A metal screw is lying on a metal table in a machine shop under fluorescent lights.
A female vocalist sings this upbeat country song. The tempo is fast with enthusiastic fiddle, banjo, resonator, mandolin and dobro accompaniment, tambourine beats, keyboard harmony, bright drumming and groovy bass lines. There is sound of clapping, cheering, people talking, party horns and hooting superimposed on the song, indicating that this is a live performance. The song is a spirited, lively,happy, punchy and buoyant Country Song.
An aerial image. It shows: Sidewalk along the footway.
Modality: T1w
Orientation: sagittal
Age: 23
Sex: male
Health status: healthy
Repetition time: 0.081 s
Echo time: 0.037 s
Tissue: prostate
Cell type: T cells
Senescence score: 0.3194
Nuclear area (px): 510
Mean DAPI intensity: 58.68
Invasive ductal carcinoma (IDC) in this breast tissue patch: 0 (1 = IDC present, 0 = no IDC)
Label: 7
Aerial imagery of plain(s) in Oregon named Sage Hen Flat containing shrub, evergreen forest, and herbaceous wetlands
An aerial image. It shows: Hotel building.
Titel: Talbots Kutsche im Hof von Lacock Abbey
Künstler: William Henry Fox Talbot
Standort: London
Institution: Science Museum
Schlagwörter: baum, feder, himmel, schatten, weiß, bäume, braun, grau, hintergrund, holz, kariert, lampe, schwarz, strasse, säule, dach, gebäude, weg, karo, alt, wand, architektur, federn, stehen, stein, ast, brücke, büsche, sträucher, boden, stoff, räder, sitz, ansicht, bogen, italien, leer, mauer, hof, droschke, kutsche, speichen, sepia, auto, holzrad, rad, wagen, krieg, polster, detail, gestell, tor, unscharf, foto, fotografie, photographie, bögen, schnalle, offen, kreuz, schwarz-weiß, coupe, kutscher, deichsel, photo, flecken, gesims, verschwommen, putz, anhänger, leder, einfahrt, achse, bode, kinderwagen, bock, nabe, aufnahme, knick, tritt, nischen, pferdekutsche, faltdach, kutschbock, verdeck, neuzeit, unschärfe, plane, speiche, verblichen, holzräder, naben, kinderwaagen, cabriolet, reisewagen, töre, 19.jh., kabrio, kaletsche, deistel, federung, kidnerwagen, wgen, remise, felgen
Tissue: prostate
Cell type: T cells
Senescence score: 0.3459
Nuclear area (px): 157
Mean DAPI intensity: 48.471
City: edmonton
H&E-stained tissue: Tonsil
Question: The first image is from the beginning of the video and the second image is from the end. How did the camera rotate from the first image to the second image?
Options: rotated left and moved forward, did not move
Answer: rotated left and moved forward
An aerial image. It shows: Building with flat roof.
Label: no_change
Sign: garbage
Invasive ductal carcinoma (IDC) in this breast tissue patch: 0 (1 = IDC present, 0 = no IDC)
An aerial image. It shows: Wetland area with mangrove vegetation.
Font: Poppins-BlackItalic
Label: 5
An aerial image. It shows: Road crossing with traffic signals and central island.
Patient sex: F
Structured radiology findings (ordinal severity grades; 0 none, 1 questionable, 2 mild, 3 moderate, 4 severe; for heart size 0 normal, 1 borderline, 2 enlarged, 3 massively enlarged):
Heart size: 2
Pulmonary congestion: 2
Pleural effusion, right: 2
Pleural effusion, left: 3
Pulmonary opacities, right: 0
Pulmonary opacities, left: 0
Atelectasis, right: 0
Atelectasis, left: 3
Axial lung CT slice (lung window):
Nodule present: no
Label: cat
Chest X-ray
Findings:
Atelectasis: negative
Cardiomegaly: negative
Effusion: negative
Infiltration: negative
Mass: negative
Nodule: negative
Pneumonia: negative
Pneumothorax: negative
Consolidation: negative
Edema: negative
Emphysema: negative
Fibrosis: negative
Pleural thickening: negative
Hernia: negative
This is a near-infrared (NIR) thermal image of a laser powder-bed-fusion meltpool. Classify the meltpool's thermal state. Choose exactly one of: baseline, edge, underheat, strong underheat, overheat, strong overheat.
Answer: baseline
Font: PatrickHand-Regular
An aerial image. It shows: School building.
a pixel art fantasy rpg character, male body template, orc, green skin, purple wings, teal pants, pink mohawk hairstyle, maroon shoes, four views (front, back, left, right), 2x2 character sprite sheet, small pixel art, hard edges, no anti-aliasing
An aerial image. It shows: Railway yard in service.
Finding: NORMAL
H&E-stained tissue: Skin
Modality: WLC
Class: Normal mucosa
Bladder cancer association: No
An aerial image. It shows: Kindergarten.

__Work task__
Wherever the word "moved" turns up in the material, copy the whole line.

__Solution__
Options: rotated left and moved forward, did not move
Answer: rotated left and moved forward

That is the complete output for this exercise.